Даже путь до школы отсюда, с окраины станционного посёлка, сокращался почти на километр. Теперь, кроме времени на приготовление уроков, я имел свободные часы и охотно участвовал в некоторых домашних делах хозяев жилища, а также в общих с ними беседах, когда они собирались вместе или кто-нибудь из них и́з дому никуда не спешил.
Другие возможности появились у меня и в общении с друзьями по школе. Двое из них проживали теперь совсем близко, и это сразу упрочило их дружбу со мной, тем более, что мы все, трое, не имели отцов по причине войны, где один из них, как и мой отец, пропал бе́з вести, а на второго пришла похоронка…
В прежнем виде оставались только мои поездки в своё село. Как и всегда, я продолжал уходить на вокзал с вечера, чтобы поджидать там ночной поезд в зале ожидания. Хозяева жилища пробовали внести свою лепту с целью как-то облегчить мои отъездные заботы; но существенного влияния на эту проблему они оказать не могли: в воскресенье, так или иначе, а я должен быть дома, у мамы.
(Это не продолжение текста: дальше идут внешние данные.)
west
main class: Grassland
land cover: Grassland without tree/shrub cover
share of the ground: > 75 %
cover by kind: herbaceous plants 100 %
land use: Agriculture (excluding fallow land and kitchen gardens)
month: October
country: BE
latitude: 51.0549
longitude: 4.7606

Обстановка в семье, приютившей меня, была мне по душе. Никто не выступал с какими-то претензиями, не повышал голоса, легко в чём-то уступал другому; со мной обращались как с равным. То есть это были отношения, примерно такие же, как в нашей деревенской семье, теперь уже сократившейся до минимума, – её дух и приятность я хорошо помнил.
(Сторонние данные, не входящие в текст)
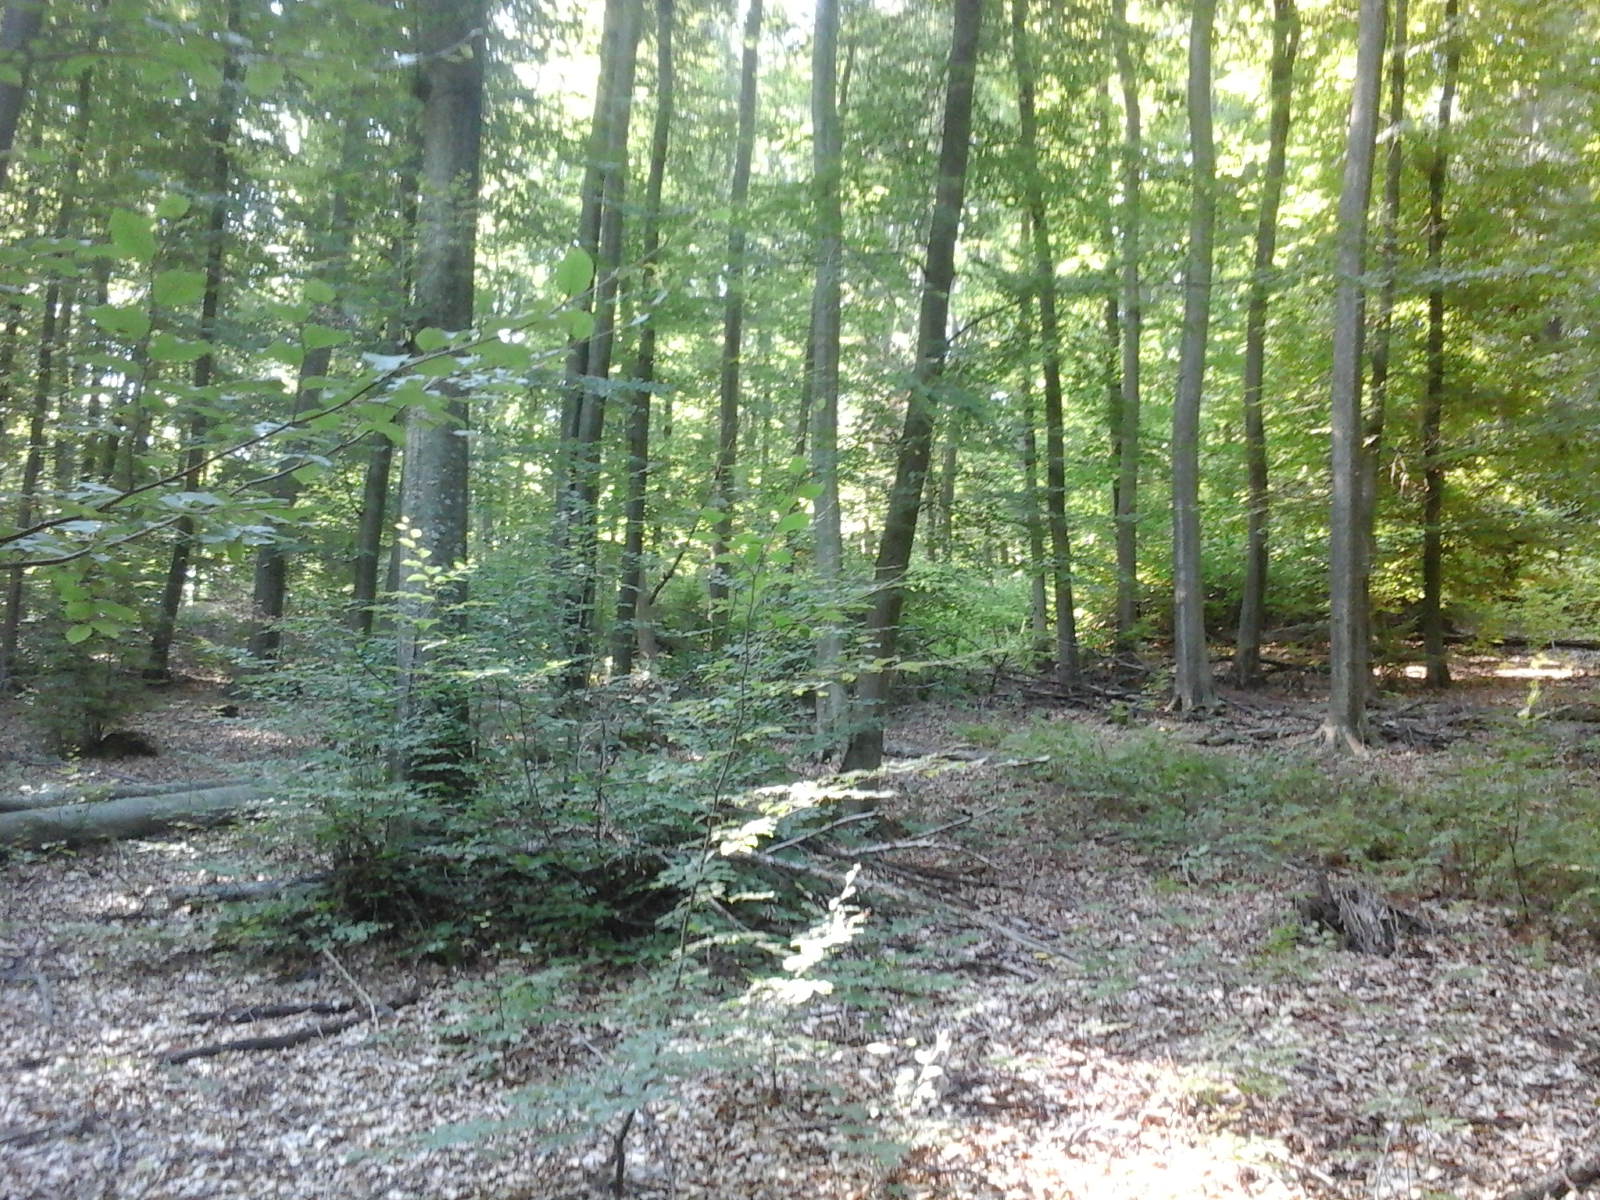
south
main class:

Хозяева меня в какой-то мере, видимо, жалели, наблюдая за мной, в том числе когда с изношенной котомкою за плечами и в более чем скромном, латанном одеянии я отправлялся на вокзал.
Сочувствие выражалось в том, что меня иногда балова́ли какой-нибудь сладостью, а то и про́водами к вокзалу. Провожали вместе муж и жена, а если золовка, то она одна. Девушка была умна, разговаривала тихо, доверительно. Касаясь нашего с ней конфликта у торгового прилавка, она смущалась и быстро придавала воспоминаниям о нём особую, извинительно-ласковую тонировку.
Она была склонна думать, что я не простил ей обиды, и мне стоило немалого труда разубедить её в этом. В целом жизнь в чужой семье складывалась для меня самым, я бы сказал, наилучшим образом. Незаметно сошла зима, близилось время школьных экзаменов.
С огромным удовольствием мы, трое оказавшихся в соседях друзей, выбирали поуютнее полянку среди здешних огородов, с уже прораставшею на ней весенней травкой, и, согреваемые ласковым солнцем, занимались дисциплинами, входившими в экзаменационное расписание.
Давно испробованный метод – проверять знания друг друга, задавая вопросы перекрёстно, один другому. Мы с удовольствие штудировали материал по такой эффективной методе. При сдаче экзаменов это позволяло чувствовать себя уверенно и независимо. Все трое успешно их выдержали.
Я с благоговением вспоминаю этих моих друзей, как-то совершенно просто сомкнувших свои интересы и понятия о дружбе с моими. Предстояло расставание с ними, которое с учётом возникшей тесной привязанности между нами придавало особую окраску моменту нашей жизни, когда мы могли считать, что в значительной мере уже готовы и к жизни взрослой. Впрочем, это касалось и других моих соклассников, проживавших как на станции, так и – деповски́х.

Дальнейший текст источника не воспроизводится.